Ирина Павловна решила, что мириться с этим нельзя: как же без жирафа?! И они унеслись на Петроградскую сторону.
Помню ее царящей в лаборатории кукольников. Помню в ложе бенуара Большого театра, в жюри «Золотой маски». Помню в больнице конца 1990-х: за ампирной колоннадой оказалось горе горькое на 16 коек, на тумбочке было криво вырезано «Терпенье для нас — важнейшее из всех искусств». Смеялись вместе… Помню рассказ, как Ю.М. Лужков вручал ей (или журналу «КукАрт») Премию Москвы.
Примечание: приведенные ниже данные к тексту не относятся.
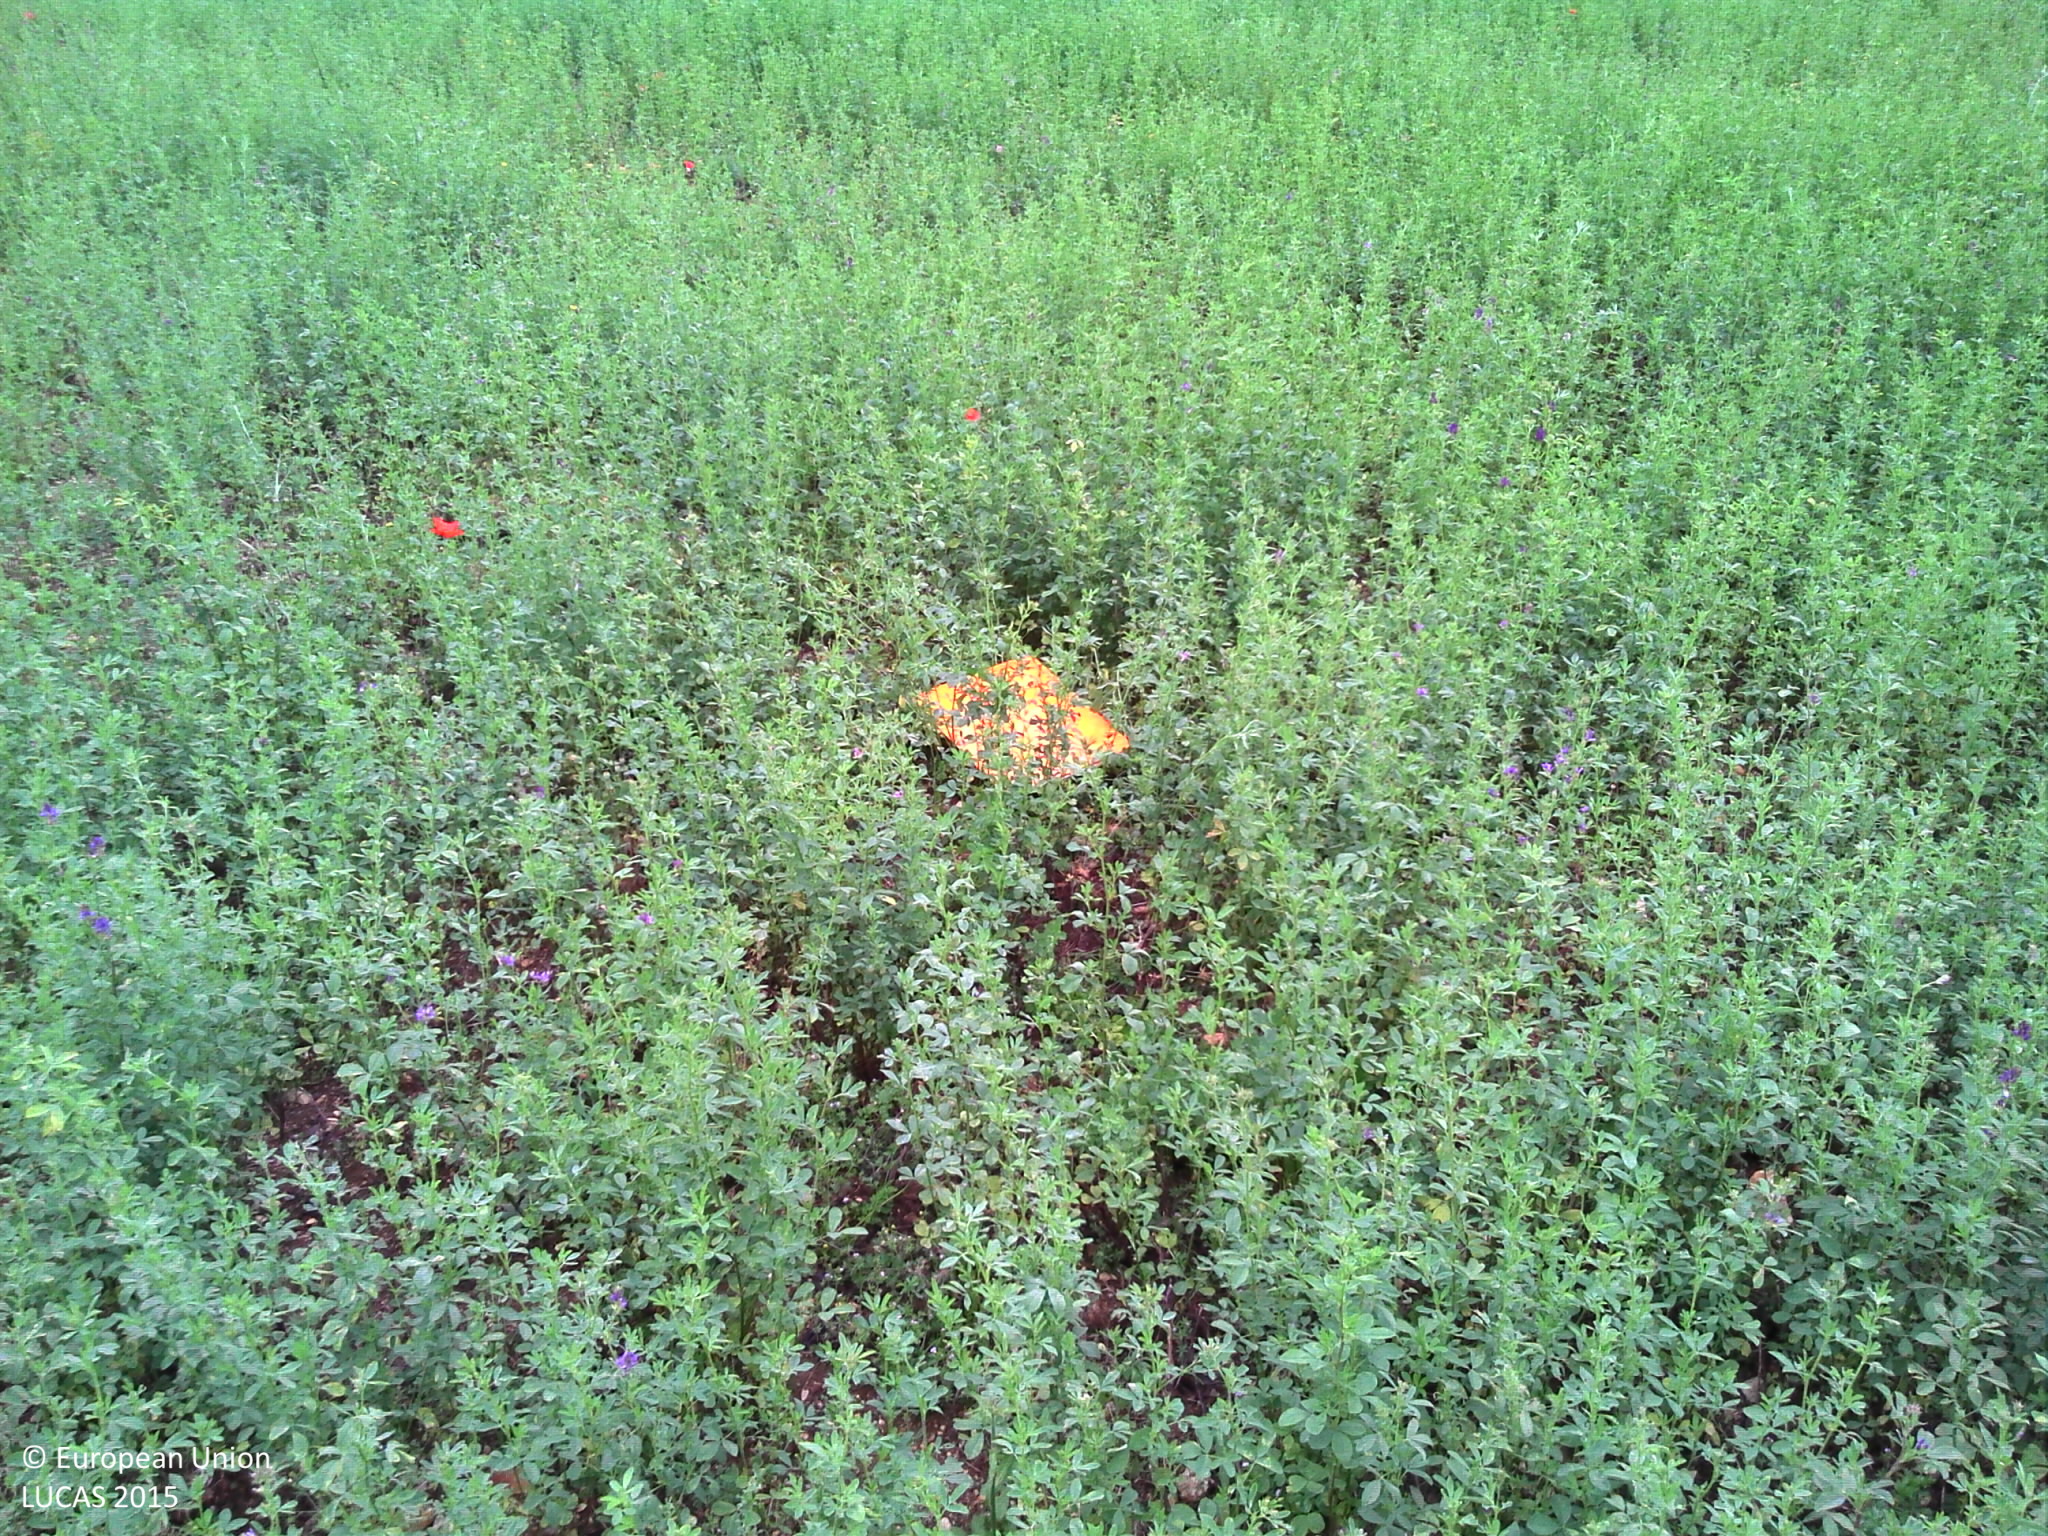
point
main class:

Ирина Павловна ему тихонько сказала: «Куклы Вас благодарят». Мэр замер… крепко потряс руку даме в лиловом, шепотом ответил: «Куклам кланяйтесь». Помню ее с машинописью лагерных писем Даниэля: 1000 страниц, которая корректура?
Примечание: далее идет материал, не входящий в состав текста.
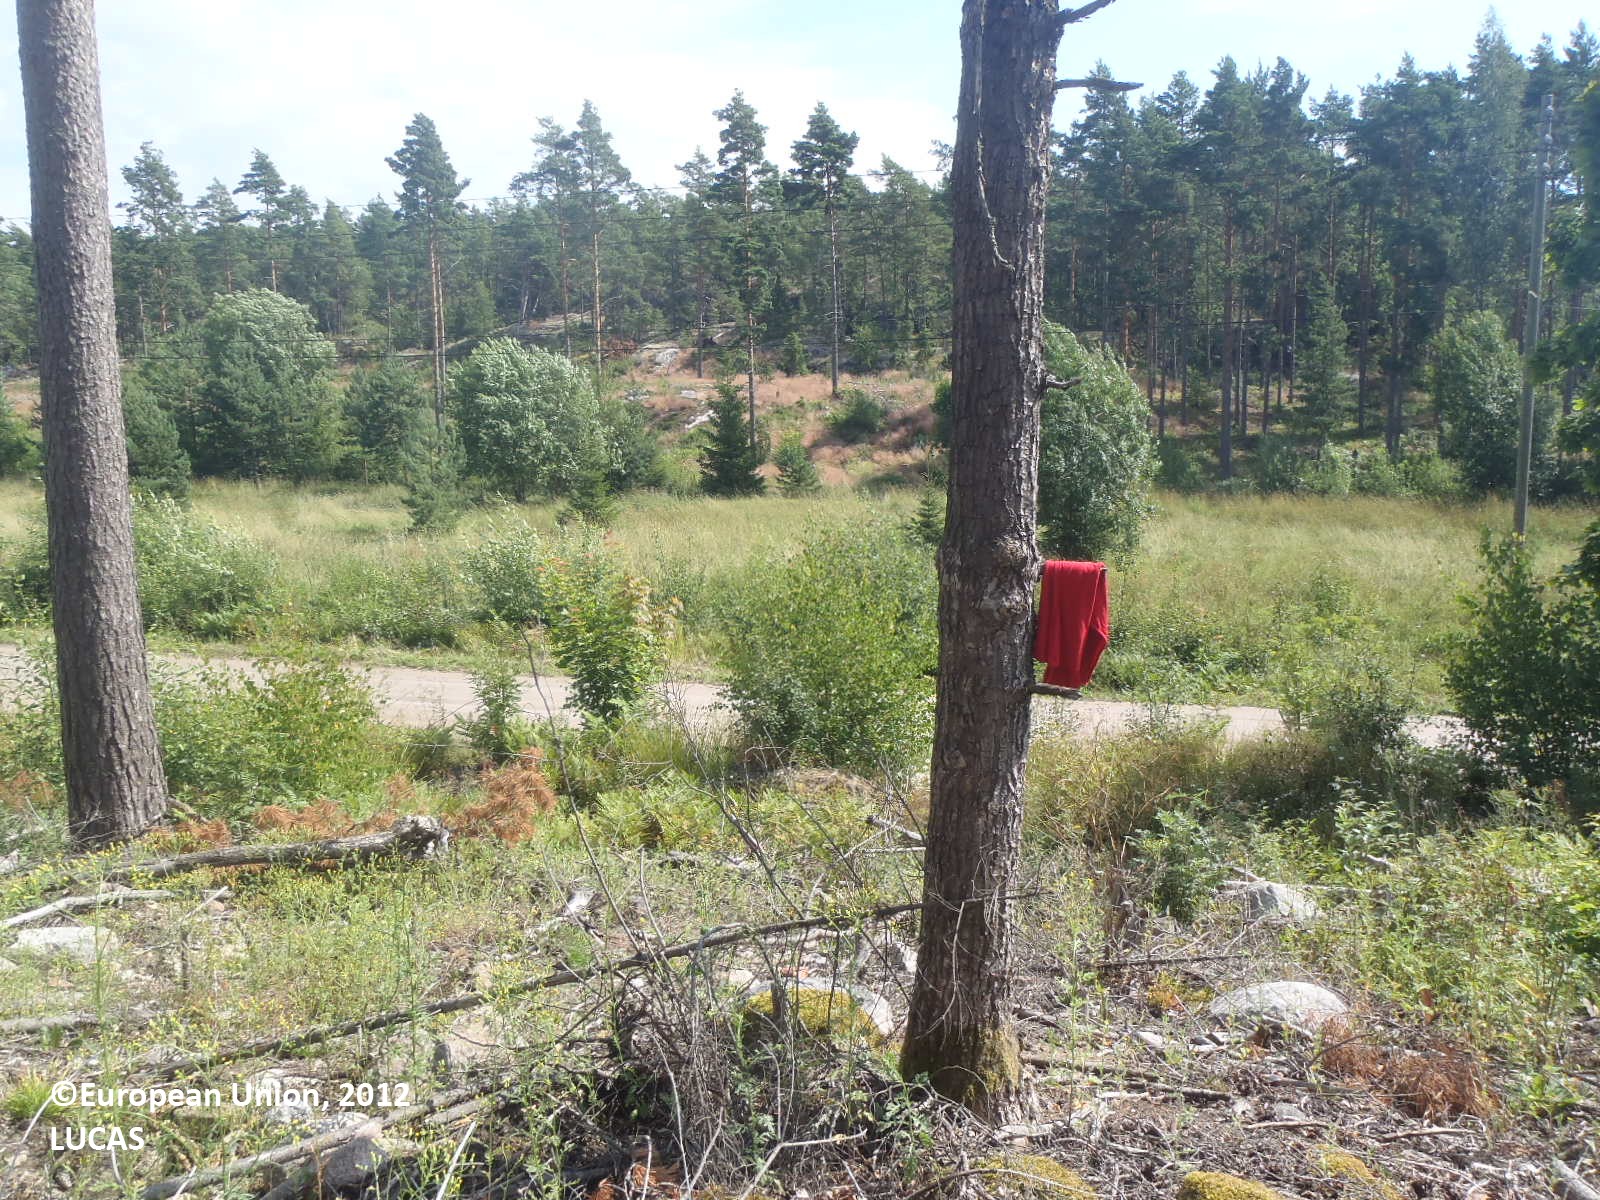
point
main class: Woodland
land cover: Pine dominated mixed woodland
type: boreal forest
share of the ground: 10 - 25 %
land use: Forestry
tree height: > 5 m
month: July
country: FI
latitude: 60.4324
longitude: 21.9997
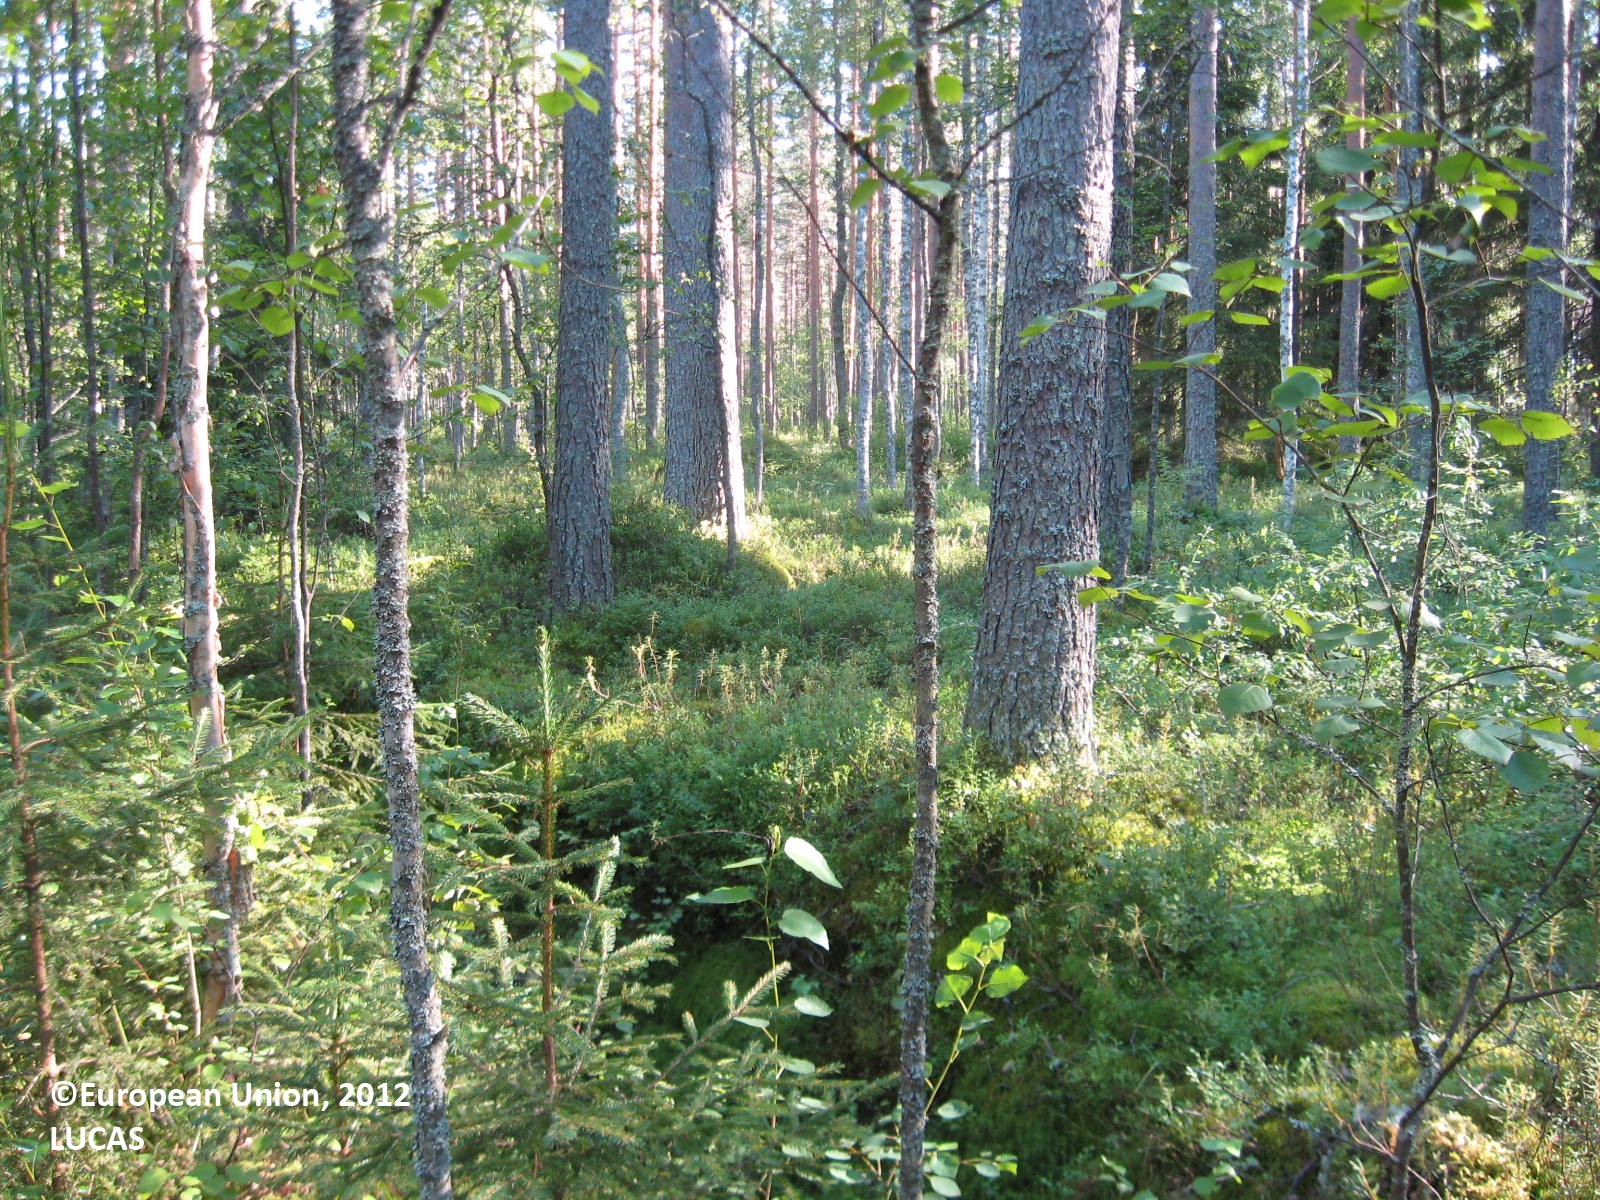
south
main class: Woodland
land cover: Pine dominated mixed woodland
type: boreal forest
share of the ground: > 75 %
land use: Forestry
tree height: > 5 m
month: July
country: FI
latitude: 62.0579
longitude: 22.4355

Она писала, жила, думала, говорила, одевалась, шила из клочьев драных кружев занавески на кухню так, словно любимый ею Серебряный век перешел в ее 1960-е живым. Без крови и шельмований. Словно оттуда были ее учителя, путешествия, шелковые шарфы, марионеточные оперы, обзоры выставок в «Аполлоне» за 1949 год, написанные кем-то из толковых дипломников Бенуа и Сергея Волконского. Понятно: этого не было никогда.
Но Ирине Павловне Уваровой хватало силы, стойкости, таланта жить между мирами Гоцци и Галича. Соединять их собой. Стать собой в нашем мире. Выпускать в зимние суровые московские форточки стаи бумажных ангелов. Как в сказке: из права рукава, из лева рукава...
Со всеми… м-м-м… вызовами эпохи ее Арлекины и Солдатики совладать не могли.
Но — хранили город. Москва без таких, как Ирина Уварова, не стоит.